Jazz


El jazz suena al orden del silencio, más que cualquiera otra de las músicas: suena a resplandor cuidadosamente roto.

El jazz nos libró de la Antigüedad y del Antiguo Régimen, llegó para avisarnos de las guerras civiles, pero no le hicimos caso, y ahora que el jazz convive con el futuro disfrutamos de sus pianos de seda de lodo como si en ellos se guardara todo lo necesario, y el azar, para permanecer vivos en la vida.

 

Ben Webster es la habitación donde escucho a Ben Webster y Oscar Peterson es la silla donde estoy sentado mientras los escucho a los dos,

el jazz que huele a jazz y sabe a arena de siglos desentumece la realidad y la ablanda y la hace opulenta, víctima de su serenidad de lumbre y tenue rigor imaginario,

Ben y Oscar me hablan con la lengua del aire que respiro mientras ellos hacen sonar la vida con sus dedos y sus pulmones y sus bocas y sus almas y sus estirpes maltratadas,

me hablan a mí, solamente a mí, a mí que siento ahora mismo cómo lo que fluye en mí es el candor de brasa de una música y un silencio concernido, el aliento de todos los dioses,

la víspera de todo lo que puede ser el detenerse de mis sentidos ahora que sin esfuerzo son todo cuanto saben ser, sangre, ritmo y jazz, una emoción inagotable.

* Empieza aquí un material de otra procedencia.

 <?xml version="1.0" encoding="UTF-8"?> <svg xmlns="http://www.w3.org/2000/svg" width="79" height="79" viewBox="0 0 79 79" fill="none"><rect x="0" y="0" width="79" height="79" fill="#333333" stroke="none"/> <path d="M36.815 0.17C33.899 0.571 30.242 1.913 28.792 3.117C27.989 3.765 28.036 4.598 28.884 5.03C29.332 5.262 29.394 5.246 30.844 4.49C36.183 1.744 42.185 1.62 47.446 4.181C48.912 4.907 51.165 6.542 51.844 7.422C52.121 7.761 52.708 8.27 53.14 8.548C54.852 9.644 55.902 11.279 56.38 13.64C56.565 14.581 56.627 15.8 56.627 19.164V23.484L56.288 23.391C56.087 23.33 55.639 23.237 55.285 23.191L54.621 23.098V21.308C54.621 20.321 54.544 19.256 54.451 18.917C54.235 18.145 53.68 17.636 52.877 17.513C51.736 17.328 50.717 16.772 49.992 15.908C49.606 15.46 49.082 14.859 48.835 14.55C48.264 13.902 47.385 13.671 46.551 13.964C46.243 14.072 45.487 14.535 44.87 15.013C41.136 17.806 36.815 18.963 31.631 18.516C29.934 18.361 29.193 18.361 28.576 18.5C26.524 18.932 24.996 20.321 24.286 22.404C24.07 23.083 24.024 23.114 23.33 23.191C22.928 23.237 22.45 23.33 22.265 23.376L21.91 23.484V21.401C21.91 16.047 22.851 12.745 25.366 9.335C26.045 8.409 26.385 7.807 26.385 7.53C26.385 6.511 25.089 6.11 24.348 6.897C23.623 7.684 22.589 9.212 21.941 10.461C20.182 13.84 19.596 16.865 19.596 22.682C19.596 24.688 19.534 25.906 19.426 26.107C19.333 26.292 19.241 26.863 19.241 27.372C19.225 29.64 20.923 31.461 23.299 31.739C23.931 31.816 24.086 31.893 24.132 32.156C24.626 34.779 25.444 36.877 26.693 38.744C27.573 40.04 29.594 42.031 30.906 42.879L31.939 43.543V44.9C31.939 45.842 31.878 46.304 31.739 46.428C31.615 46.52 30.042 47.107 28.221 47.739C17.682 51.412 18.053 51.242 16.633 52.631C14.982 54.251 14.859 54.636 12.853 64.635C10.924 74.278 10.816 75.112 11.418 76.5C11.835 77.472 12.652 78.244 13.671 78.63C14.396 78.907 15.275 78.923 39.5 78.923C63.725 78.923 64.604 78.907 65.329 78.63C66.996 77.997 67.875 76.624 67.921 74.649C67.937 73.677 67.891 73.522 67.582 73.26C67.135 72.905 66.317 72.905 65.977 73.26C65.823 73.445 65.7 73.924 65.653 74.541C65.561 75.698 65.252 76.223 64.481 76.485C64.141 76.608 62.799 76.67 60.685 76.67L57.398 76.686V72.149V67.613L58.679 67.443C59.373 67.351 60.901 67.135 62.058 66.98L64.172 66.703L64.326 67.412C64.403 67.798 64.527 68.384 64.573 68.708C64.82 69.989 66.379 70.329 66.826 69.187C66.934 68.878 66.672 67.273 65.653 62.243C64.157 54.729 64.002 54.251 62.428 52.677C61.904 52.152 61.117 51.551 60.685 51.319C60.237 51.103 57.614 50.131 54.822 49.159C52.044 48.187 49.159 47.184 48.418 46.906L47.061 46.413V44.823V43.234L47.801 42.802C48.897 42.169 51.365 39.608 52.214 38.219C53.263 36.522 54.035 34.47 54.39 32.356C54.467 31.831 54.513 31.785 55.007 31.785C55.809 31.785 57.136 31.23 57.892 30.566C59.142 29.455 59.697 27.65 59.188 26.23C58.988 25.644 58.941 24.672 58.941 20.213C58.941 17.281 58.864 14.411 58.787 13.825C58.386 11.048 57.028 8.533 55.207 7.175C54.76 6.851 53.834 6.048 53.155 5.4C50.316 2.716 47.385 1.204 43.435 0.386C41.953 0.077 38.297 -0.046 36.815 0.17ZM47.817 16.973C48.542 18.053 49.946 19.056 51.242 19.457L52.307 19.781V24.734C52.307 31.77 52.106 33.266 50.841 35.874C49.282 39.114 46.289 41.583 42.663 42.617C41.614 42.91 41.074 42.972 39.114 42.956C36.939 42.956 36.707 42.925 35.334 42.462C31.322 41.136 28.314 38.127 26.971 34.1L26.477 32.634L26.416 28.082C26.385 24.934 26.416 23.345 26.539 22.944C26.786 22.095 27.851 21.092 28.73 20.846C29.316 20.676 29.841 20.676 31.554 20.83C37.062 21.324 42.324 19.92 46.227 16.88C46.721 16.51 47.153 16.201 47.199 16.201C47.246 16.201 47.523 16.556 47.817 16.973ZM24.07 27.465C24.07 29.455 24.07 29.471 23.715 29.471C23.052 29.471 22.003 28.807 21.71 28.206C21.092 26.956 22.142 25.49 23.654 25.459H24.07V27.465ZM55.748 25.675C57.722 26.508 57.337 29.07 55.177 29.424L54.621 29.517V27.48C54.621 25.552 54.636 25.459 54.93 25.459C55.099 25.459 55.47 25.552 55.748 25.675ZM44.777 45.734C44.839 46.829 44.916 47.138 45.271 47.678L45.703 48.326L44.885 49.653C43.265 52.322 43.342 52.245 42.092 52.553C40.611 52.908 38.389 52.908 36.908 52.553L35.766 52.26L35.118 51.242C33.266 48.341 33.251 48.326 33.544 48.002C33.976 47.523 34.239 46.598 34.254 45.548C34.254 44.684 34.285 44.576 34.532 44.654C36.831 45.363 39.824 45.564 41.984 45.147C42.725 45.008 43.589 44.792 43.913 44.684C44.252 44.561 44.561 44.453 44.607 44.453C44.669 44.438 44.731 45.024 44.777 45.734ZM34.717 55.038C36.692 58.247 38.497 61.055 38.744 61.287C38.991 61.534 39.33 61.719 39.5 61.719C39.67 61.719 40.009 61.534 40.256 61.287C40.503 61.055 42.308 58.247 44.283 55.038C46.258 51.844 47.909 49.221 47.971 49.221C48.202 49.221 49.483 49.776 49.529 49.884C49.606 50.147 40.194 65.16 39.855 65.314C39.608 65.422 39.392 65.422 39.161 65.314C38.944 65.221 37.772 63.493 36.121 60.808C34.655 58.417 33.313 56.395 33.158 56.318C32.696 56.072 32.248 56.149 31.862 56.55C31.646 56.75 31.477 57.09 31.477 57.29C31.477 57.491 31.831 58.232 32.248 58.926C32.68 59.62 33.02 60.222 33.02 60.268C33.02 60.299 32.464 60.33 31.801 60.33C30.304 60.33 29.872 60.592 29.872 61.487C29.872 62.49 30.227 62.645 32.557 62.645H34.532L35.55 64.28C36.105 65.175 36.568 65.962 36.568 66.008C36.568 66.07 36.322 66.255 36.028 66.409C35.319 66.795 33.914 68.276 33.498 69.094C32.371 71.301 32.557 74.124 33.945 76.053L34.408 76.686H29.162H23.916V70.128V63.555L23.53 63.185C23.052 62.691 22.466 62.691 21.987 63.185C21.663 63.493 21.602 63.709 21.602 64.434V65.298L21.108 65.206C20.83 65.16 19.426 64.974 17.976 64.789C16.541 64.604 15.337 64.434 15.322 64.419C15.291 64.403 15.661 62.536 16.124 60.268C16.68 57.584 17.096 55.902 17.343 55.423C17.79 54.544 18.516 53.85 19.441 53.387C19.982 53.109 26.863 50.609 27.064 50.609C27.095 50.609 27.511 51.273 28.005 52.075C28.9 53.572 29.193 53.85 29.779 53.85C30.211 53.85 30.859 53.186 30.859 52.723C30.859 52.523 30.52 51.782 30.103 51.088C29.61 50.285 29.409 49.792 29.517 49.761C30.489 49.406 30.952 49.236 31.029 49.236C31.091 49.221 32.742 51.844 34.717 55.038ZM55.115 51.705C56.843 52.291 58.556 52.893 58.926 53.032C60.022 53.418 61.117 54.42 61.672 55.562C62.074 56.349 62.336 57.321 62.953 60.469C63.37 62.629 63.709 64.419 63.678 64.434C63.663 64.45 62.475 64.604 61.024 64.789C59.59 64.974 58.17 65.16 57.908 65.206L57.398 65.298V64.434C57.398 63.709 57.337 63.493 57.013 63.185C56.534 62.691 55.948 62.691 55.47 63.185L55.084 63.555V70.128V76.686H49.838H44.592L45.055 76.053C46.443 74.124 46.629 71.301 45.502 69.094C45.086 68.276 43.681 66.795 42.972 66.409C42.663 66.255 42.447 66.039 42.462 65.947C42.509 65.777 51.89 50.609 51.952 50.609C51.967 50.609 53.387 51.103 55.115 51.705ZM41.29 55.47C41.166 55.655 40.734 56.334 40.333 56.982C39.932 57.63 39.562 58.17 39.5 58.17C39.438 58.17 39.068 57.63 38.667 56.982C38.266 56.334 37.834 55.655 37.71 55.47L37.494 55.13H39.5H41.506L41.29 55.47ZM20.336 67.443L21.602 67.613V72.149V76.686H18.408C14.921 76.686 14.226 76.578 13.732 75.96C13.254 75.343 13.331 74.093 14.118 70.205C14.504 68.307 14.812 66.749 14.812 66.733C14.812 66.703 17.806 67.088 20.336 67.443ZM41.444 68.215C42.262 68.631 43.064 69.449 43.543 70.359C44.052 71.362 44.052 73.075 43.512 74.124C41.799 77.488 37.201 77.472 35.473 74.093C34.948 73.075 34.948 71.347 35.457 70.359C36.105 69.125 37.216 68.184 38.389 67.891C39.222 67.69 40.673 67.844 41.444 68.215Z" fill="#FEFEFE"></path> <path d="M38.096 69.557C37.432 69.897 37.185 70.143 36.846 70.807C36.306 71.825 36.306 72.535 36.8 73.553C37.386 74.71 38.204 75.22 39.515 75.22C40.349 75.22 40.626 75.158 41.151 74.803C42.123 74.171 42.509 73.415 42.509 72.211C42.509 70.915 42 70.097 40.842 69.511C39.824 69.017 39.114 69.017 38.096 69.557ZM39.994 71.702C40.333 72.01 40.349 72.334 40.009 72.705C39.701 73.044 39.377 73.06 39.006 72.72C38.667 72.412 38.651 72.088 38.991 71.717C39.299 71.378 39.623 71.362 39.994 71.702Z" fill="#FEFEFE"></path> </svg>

Profunda América para los americanos,

anidando en sus barcos el futuro del mundo,

el de los dólares, el rocanrol

y el paisaje de los pianos de jazz, de jazz libre y güisqui.

Profunda América sin más pasado que el de los pioneros y los látigos,

sin más presente que el de los jóvenes enriqueciendo los átomos del futuro.

 

[Y Jazz se llamaba aquel elepé de Queen donde estaban Don’t stop me now y Jealousy. Pero eso es otra HISTORIA.]